*Action item:*
Repeat the records exactly. Leave out the pictures.

*Data for processing:*
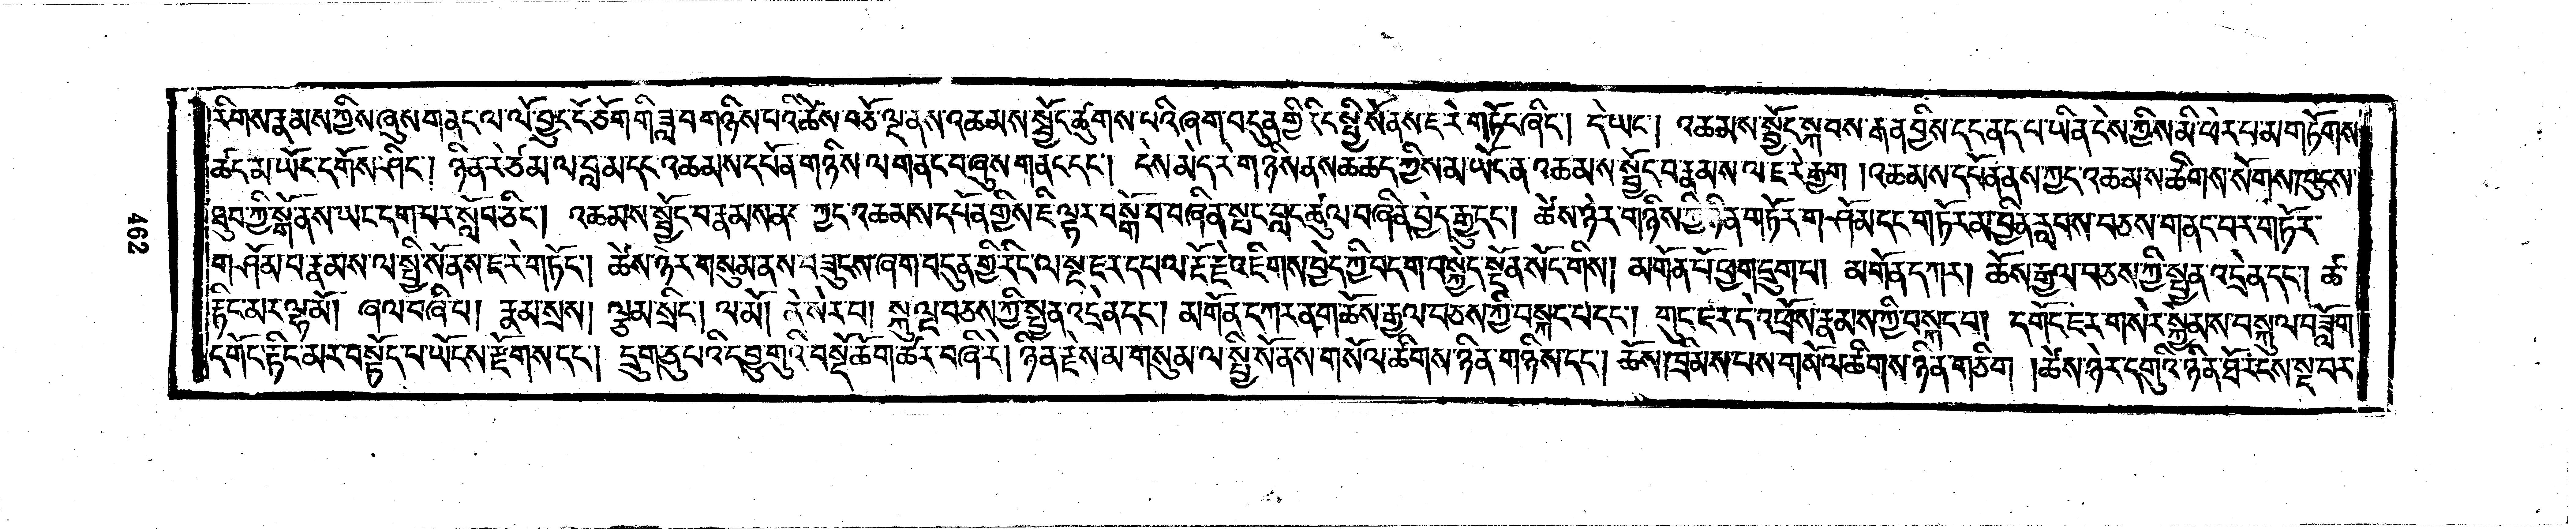རིགས་རྣམས་ཀྱིས་ཞུས་གནང་ལ་ལོ་བྱུང་ངོ་ཅོག་གི་ཟླ་བ་གཉིས་པའི་ཚེས་བཅོ་ལྔ་ནས་འཆམས་སྦྱོད་ཚུགས་པའི་ཞག་བདུན་གྱི་རིང་སྤྱི་སོ་ནས་ཇ་རེ་གཏོང་ཞིང་། དེ་ཡང་། འཆམས་སྦྱོང་སྐབས་རྒན་བྱིས་དང་ནད་པ་ཡིན་ངེས་ཀྱིས་མི་ཕེར་པ་མ་གཏོགས་
ཚད་མ་ཡོང་དགོས་ཤིང་། ཉིན་རེ་ཙམ་ལ་བླ་མ་དང་འཆམས་དཔོན་གཉིས་ལ་གནང་བ་ཞུས་གནང་དང་། དེས་མེད་རེ་གཉིས་ནས་ཆ་ཆད་ཀྱིས་མ་ཡོང་ན་འཆམས་སྦྱོད་བ་རྣམས་ལ་ཇ་རེ་རྒྱག །འཆམས་དཔོན་ནས་ཀྱང་འཆམས་ཚིགས་སོགས་ཁུངས་
ཐུབ་ཀྱི་སྒོ་ནས་ཡང་དག་པར་སློབ་ཅིང་། འཆམས་སྦྱོང་བ་རྣམས་ནས་ཀྱང་འཆམས་དཔོན་གྱིས་ཇི་ལྟར་བསྒོ་བ་བཞིན་སྤང་བླང་ཚུལ་བཞིན་བྱེད་རྒྱུ་དང་། ཚེས་ཉེར་གཉིས་ཀྱི་ཉིན་གཏོར་གཤོམ་དང་གཏོར་མ་བྱིན་རླབས་བཅས་གནང་བར་གཏོར་
གཤོམ་པ་རྣམས་ལ་སྤྱི་སོ་ནས་ཇ་རེ་གཏོང་། ཚེས་ཉེར་གསུམ་ནས་བཟུངས་ཞག་བདུན་གྱི་རིང་ལ་སྔ་ཇར་དཔལ་རྡོ་རྗེ་འཇིགས་བྱེད་ཀྱི་བདག་བསྐྱེད་སྔོན་སོང་གིས། མགོན་པོ་ཕྱག་དྲུག་པ། མགོན་དཀར། ཆོས་རྒྱལ་བཅས་ཀྱི་སྤྱན་འདྲེན་དང་། ཚ་
རྟིང་མར་ལྷ་མོ། ཞལ་བཞི་པ། རྣམ་སྲས། ལྕམ་སྲིང་། ལ་མོ། ནེ་སེར་བ། སྐུ་ལྔ་བཅས་ཀྱི་སྤྱན་འདྲེན་དང་། མགོན་དཀར་ནག་ཆོས་རྒྱལ་བཅས་ཀྱི་བསྐང་བ་དང་། གུང་ཇར་དེ་འཕྲོས་རྣམས་ཀྱི་བསྐང་བ། དགོང་ཇར་གསེར་སྐྱེམས་བསྐུལ་བཟློག་
དགོང་རྟིང་མར་བསྟོད་པ་ཡོངས་རྫོགས་དང་། དྲུག་ཅུ་པའི་དབྱུ་གུའི་བསྡོ་ཆོག་ཚར་བཞི་རེ། ཉིན་རྗེས་མ་གསུམ་ལ་སྤྱི་སོ་ནས་གསོལ་ཚིགས་ཉིན་གཉིས་དང་། ཆོས་ཁྲིམས་པས་གསོལ་ཚིགས་ཉིན་གཅིག །ཚེས་ཉེར་དགུའི་ཉིན་ཐོ་རངས་སྔ་བར་
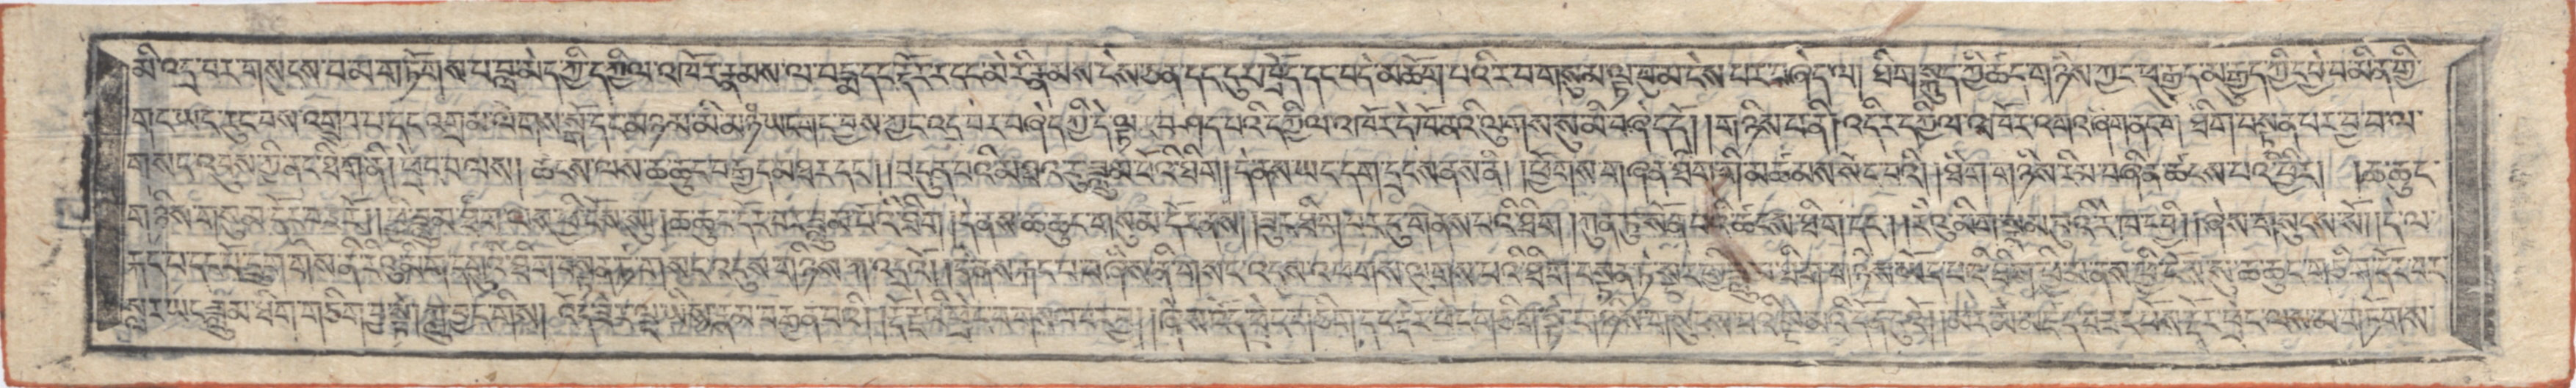མི་འདྲ་བར་གསུངས་པ་མ་གཏོགས་པ་བླ་མེད་ཀྱི་དཀྱིལ་འཁོར་རྣམས་ལ་པདམ་དང་རྡོར་ར་དང་མེ་རི་རྣམས་ངེས་ཅན་དང་དུར་ཁྲོད་དང་བདེ་མཆོག་པའི་ར་བ་གསུམ་ལྟ་བུ་མ་ངེས་པར་བཞེད་ལ། ཐིག་སྐུད་ཀྱི་ཚད་གཉིས་ཀྱང་ཕ་རྒྱུད་མ་རྒྱུད་ཀྱི་དབྱེ་བ་མིན་གྱི་
གང་ཡང་རུང་བས་འགྲུབ་པ་དང་འགྲམ་ལེགས་སྒོ་དང་མཉམ་མི་མཉཾ་ཡང་གང་བྱས་ཀྱང་འདྲ་བར་བཞེད་ཀྱི་དེ་ལྟར་བཤད་པའི་དཀྱིལ་འཁོར་དེ་ཁོ་ནའི་ལུགས་སུ་མི་བཞེད་དོ། །གཉིས་པ་ནི། འདིར་དཀྱིལ་འཁོར་འགའ་ཞིག་ནང་གི་ཐིག་བསྟན་པར་བྱ་བ་ལ་
གསང་འདུས་ཀྱི་ནང་ཐིག་ནི། ཕྲེང་བ་ལས། ཚངས་ལས་ཆ་ཆུང་བརྒྱད་མཐར་དང་། །བདུན་པའི་མཐའ་རུ་ཟླུམ་པོའི་ཐིག །དེ་ནས་ཡང་དག་དྲངས་ནས་ནི། །ཕྱོགས་གཞན་ཐིག་གི་མཚམས་སོང་བའི། །ཐིག་གཉིས་རིམ་བཞིན་ཚངས་པའི་ཕྱིར། །ཆ་ཆུང་
གཉིས་གསུམ་དོར་བར་རོ། །ཕྱི་ཟླུམ་ཐིག་ལས་ཕྱི་ངོས་སུ། །ཆ་ཆུང་དོར་བར་ཟླུམ་པོའི་ཐིག །དེ་ནས་ཆ་ཆུང་གསུམ་དོར་ནས། །ཟུར་ཐིག་བར་དུ་གནས་པའི་ཐིག །ཀུན་ཏུ་སོན་པའི་ཚངས་ཐིག་དང་། །རིའུ་མིག་སྣམ་བུའི་རེ་ཁ་དབྱི། །ཞེས་གསུངས་སོ། །དེ་ལ་
རྐང་པ་དང་པོ་དྲུག་གིས་ནི་རིའུ་མིག་དགུའི་ཐིག་བསྟན་ཏེ་གསང་འདུས་གཉིས་ཀ་འདྲའོ། །དེ་ནས་རྐང་པ་བཞིས་ནི་གསང་འདུས་འཕགས་ལུགས་པའི་ཐིག་བསྟན་ཏེ་སྔར་གྱི་ཟླུམ་ཐིག་གཉིས་ཡོད་པའི་ཐིག་ཕྱི་མ་ནས་ཕྱི་ངོས་སུ་ཆ་ཆུང་གཅིག་དོར་བར་
སླར་ཡང་ཟླུམ་ཐིག་གཅིག་བྱ་སྟེ། ཀླུ་བྱང་གིས། འོད་ཟེར་ལྔ་ཡིས་རྣམ་བརྒྱན་པའི། །རྡོ་རྗེའི་ཕྲེང་བ་གསལ་བར་བྱ། །ཞེས་འོད་ཕྲེང་གཅིག་དང་རྡོར་ཕྲེང་གཅིག་སྟེ་གཉིས་གསུངས་པའི་སྔ་མའི་དོན་དུའོ། །མར་མེ་མཛད་བཟང་པོས་རྡོར་ཕྲེང་ལས་མ་གཏོགས་

*Output for this exercise:*
རིགས་རྣམས་ཀྱིས་ཞུས་གནང་ལ་ལོ་བྱུང་ངོ་ཅོག་གི་ཟླ་བ་གཉིས་པའི་ཚེས་བཅོ་ལྔ་ནས་འཆམས་སྦྱོད་ཚུགས་པའི་ཞག་བདུན་གྱི་རིང་སྤྱི་སོ་ནས་ཇ་རེ་གཏོང་ཞིང་། དེ་ཡང་། འཆམས་སྦྱོང་སྐབས་རྒན་བྱིས་དང་ནད་པ་ཡིན་ངེས་ཀྱིས་མི་ཕེར་པ་མ་གཏོགས་
ཚད་མ་ཡོང་དགོས་ཤིང་། ཉིན་རེ་ཙམ་ལ་བླ་མ་དང་འཆམས་དཔོན་གཉིས་ལ་གནང་བ་ཞུས་གནང་དང་། དེས་མེད་རེ་གཉིས་ནས་ཆ་ཆད་ཀྱིས་མ་ཡོང་ན་འཆམས་སྦྱོད་བ་རྣམས་ལ་ཇ་རེ་རྒྱག །འཆམས་དཔོན་ནས་ཀྱང་འཆམས་ཚིགས་སོགས་ཁུངས་
ཐུབ་ཀྱི་སྒོ་ནས་ཡང་དག་པར་སློབ་ཅིང་། འཆམས་སྦྱོང་བ་རྣམས་ནས་ཀྱང་འཆམས་དཔོན་གྱིས་ཇི་ལྟར་བསྒོ་བ་བཞིན་སྤང་བླང་ཚུལ་བཞིན་བྱེད་རྒྱུ་དང་། ཚེས་ཉེར་གཉིས་ཀྱི་ཉིན་གཏོར་གཤོམ་དང་གཏོར་མ་བྱིན་རླབས་བཅས་གནང་བར་གཏོར་
གཤོམ་པ་རྣམས་ལ་སྤྱི་སོ་ནས་ཇ་རེ་གཏོང་། ཚེས་ཉེར་གསུམ་ནས་བཟུངས་ཞག་བདུན་གྱི་རིང་ལ་སྔ་ཇར་དཔལ་རྡོ་རྗེ་འཇིགས་བྱེད་ཀྱི་བདག་བསྐྱེད་སྔོན་སོང་གིས། མགོན་པོ་ཕྱག་དྲུག་པ། མགོན་དཀར། ཆོས་རྒྱལ་བཅས་ཀྱི་སྤྱན་འདྲེན་དང་། ཚ་
རྟིང་མར་ལྷ་མོ། ཞལ་བཞི་པ། རྣམ་སྲས། ལྕམ་སྲིང་། ལ་མོ། ནེ་སེར་བ། སྐུ་ལྔ་བཅས་ཀྱི་སྤྱན་འདྲེན་དང་། མགོན་དཀར་ནག་ཆོས་རྒྱལ་བཅས་ཀྱི་བསྐང་བ་དང་། གུང་ཇར་དེ་འཕྲོས་རྣམས་ཀྱི་བསྐང་བ། དགོང་ཇར་གསེར་སྐྱེམས་བསྐུལ་བཟློག་
དགོང་རྟིང་མར་བསྟོད་པ་ཡོངས་རྫོགས་དང་། དྲུག་ཅུ་པའི་དབྱུ་གུའི་བསྡོ་ཆོག་ཚར་བཞི་རེ། ཉིན་རྗེས་མ་གསུམ་ལ་སྤྱི་སོ་ནས་གསོལ་ཚིགས་ཉིན་གཉིས་དང་། ཆོས་ཁྲིམས་པས་གསོལ་ཚིགས་ཉིན་གཅིག །ཚེས་ཉེར་དགུའི་ཉིན་ཐོ་རངས་སྔ་བར་
མི་འདྲ་བར་གསུངས་པ་མ་གཏོགས་པ་བླ་མེད་ཀྱི་དཀྱིལ་འཁོར་རྣམས་ལ་པདམ་དང་རྡོར་ར་དང་མེ་རི་རྣམས་ངེས་ཅན་དང་དུར་ཁྲོད་དང་བདེ་མཆོག་པའི་ར་བ་གསུམ་ལྟ་བུ་མ་ངེས་པར་བཞེད་ལ། ཐིག་སྐུད་ཀྱི་ཚད་གཉིས་ཀྱང་ཕ་རྒྱུད་མ་རྒྱུད་ཀྱི་དབྱེ་བ་མིན་གྱི་
གང་ཡང་རུང་བས་འགྲུབ་པ་དང་འགྲམ་ལེགས་སྒོ་དང་མཉམ་མི་མཉཾ་ཡང་གང་བྱས་ཀྱང་འདྲ་བར་བཞེད་ཀྱི་དེ་ལྟར་བཤད་པའི་དཀྱིལ་འཁོར་དེ་ཁོ་ནའི་ལུགས་སུ་མི་བཞེད་དོ། །གཉིས་པ་ནི། འདིར་དཀྱིལ་འཁོར་འགའ་ཞིག་ནང་གི་ཐིག་བསྟན་པར་བྱ་བ་ལ་
གསང་འདུས་ཀྱི་ནང་ཐིག་ནི། ཕྲེང་བ་ལས། ཚངས་ལས་ཆ་ཆུང་བརྒྱད་མཐར་དང་། །བདུན་པའི་མཐའ་རུ་ཟླུམ་པོའི་ཐིག །དེ་ནས་ཡང་དག་དྲངས་ནས་ནི། །ཕྱོགས་གཞན་ཐིག་གི་མཚམས་སོང་བའི། །ཐིག་གཉིས་རིམ་བཞིན་ཚངས་པའི་ཕྱིར། །ཆ་ཆུང་
གཉིས་གསུམ་དོར་བར་རོ། །ཕྱི་ཟླུམ་ཐིག་ལས་ཕྱི་ངོས་སུ། །ཆ་ཆུང་དོར་བར་ཟླུམ་པོའི་ཐིག །དེ་ནས་ཆ་ཆུང་གསུམ་དོར་ནས། །ཟུར་ཐིག་བར་དུ་གནས་པའི་ཐིག །ཀུན་ཏུ་སོན་པའི་ཚངས་ཐིག་དང་། །རིའུ་མིག་སྣམ་བུའི་རེ་ཁ་དབྱི། །ཞེས་གསུངས་སོ། །དེ་ལ་
རྐང་པ་དང་པོ་དྲུག་གིས་ནི་རིའུ་མིག་དགུའི་ཐིག་བསྟན་ཏེ་གསང་འདུས་གཉིས་ཀ་འདྲའོ། །དེ་ནས་རྐང་པ་བཞིས་ནི་གསང་འདུས་འཕགས་ལུགས་པའི་ཐིག་བསྟན་ཏེ་སྔར་གྱི་ཟླུམ་ཐིག་གཉིས་ཡོད་པའི་ཐིག་ཕྱི་མ་ནས་ཕྱི་ངོས་སུ་ཆ་ཆུང་གཅིག་དོར་བར་
སླར་ཡང་ཟླུམ་ཐིག་གཅིག་བྱ་སྟེ། ཀླུ་བྱང་གིས། འོད་ཟེར་ལྔ་ཡིས་རྣམ་བརྒྱན་པའི། །རྡོ་རྗེའི་ཕྲེང་བ་གསལ་བར་བྱ། །ཞེས་འོད་ཕྲེང་གཅིག་དང་རྡོར་ཕྲེང་གཅིག་སྟེ་གཉིས་གསུངས་པའི་སྔ་མའི་དོན་དུའོ། །མར་མེ་མཛད་བཟང་པོས་རྡོར་ཕྲེང་ལས་མ་གཏོགས་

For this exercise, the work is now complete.